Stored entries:
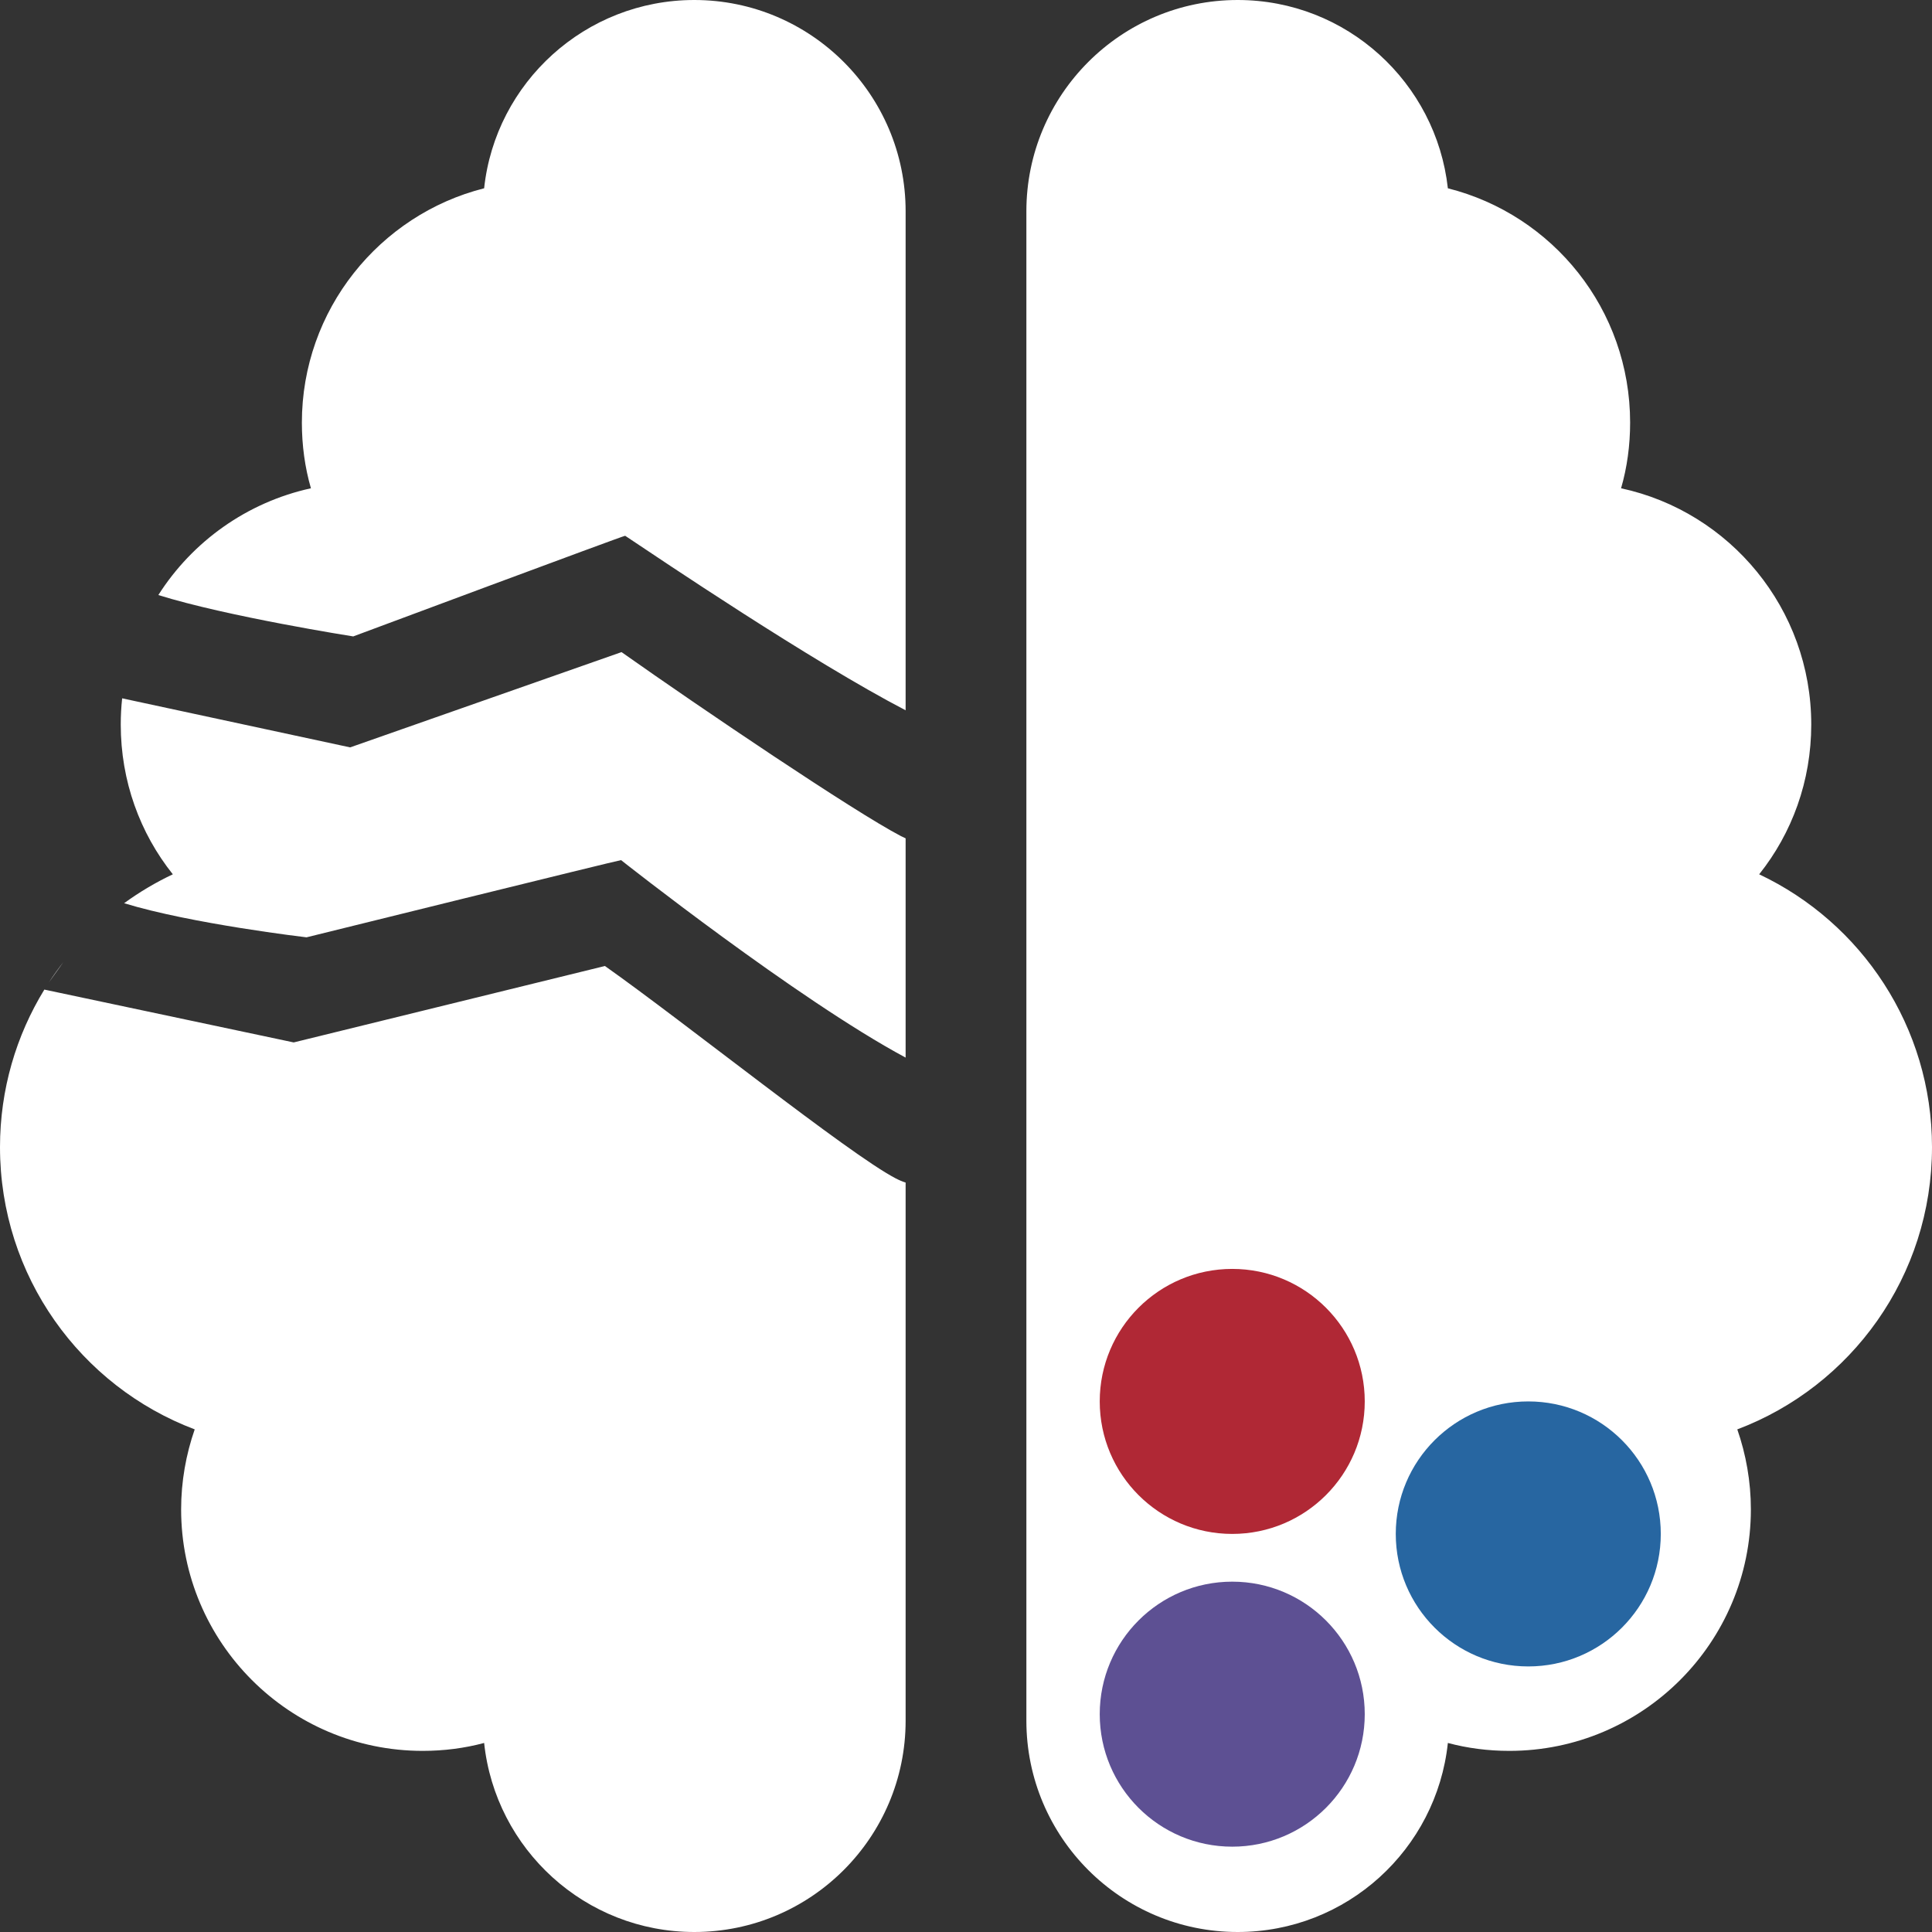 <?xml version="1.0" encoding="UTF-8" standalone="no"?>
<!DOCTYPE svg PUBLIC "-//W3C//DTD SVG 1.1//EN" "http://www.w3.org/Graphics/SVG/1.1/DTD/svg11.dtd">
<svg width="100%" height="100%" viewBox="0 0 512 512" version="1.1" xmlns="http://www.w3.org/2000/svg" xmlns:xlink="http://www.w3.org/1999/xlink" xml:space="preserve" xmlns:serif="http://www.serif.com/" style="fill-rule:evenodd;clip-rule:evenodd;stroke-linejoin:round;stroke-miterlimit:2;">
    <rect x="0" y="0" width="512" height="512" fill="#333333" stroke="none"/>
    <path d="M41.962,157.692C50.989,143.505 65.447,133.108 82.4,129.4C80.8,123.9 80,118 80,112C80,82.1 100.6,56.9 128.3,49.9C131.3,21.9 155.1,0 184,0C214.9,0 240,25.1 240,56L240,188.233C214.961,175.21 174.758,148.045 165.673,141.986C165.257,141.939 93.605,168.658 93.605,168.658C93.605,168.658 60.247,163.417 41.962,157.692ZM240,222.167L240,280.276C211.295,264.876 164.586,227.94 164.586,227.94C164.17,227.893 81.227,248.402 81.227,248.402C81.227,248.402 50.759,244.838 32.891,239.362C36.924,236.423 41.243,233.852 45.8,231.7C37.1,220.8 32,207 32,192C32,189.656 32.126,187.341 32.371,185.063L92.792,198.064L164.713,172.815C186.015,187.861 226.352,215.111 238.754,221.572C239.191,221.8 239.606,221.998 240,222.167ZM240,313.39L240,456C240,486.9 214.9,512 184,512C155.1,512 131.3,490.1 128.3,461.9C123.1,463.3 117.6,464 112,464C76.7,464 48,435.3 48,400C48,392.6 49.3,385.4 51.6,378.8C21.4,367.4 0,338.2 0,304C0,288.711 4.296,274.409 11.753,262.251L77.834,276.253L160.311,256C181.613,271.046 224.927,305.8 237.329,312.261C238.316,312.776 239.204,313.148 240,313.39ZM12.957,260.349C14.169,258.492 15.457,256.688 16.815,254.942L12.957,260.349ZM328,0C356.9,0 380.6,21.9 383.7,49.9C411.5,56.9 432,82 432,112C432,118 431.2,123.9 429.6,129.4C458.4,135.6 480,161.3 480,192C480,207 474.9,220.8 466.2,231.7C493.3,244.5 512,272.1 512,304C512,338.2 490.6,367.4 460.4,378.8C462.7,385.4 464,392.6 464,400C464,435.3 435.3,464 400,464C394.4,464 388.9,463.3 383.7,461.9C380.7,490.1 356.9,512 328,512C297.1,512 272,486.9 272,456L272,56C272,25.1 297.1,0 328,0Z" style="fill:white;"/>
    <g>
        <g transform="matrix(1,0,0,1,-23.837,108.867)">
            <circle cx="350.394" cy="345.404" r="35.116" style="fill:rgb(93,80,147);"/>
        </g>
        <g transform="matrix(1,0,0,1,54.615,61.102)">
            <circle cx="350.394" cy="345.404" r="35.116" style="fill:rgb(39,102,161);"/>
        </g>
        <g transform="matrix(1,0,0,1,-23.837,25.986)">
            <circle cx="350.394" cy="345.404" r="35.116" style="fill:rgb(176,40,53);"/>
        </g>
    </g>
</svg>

● Your goal: The lines that contain the word "matrix" are wanted; copy each of them from the records.

● Worked solution:
        <g transform="matrix(1,0,0,1,-23.837,108.867)">
        <g transform="matrix(1,0,0,1,54.615,61.102)">
        <g transform="matrix(1,0,0,1,-23.837,25.986)">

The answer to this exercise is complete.